MySQL: Alerting Rules `[I]`¶

# prometheus/alerts/mysql.yml
groups:
  - name: mysql_availability
    rules:
      - alert: MySQLDown
        expr: mysql_up == 0
        for: 1m
        labels:
          severity: critical
        annotations:
          summary: "MySQL down on {{ $labels.instance }}"
          runbook: "wiki.internal/dbre/runbooks/mysql-down"

      - alert: MySQLConnectionsExhausted
        expr: >
          mysql_global_status_threads_connected
          / mysql_global_variables_max_connections > 0.90
        for: 2m
        labels:
          severity: critical
        annotations:
          summary: "MySQL connections at {{ $value | humanizePercentage }} on {{ $labels.instance }}"

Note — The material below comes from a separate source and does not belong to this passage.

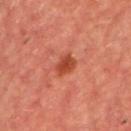{"patient": {"sex": "male", "age_approx": 60}, "site": "chest", "lesion_size": {"long_diameter_mm_approx": 2.5}, "image": {"source": "total-body photography crop", "field_of_view_mm": 15}}

  - name: mysql_replication
    rules:
      - alert: MySQLReplicationIOThreadDown
        expr: mysql_slave_status_slave_io_running == 0
        for: 1m
        labels:
          severity: critical
        annotations:
          summary: "Replication IO thread stopped on {{ $labels.instance }}"
          runbook: "wiki.internal/dbre/runbooks/replication-broken"

      - alert: MySQLReplicationSQLThreadDown
        expr: mysql_slave_status_slave_sql_running == 0
        for: 1m
        labels:
          severity: critical
        annotations:
          summary: "Replication SQL thread stopped on {{ $labels.instance }}"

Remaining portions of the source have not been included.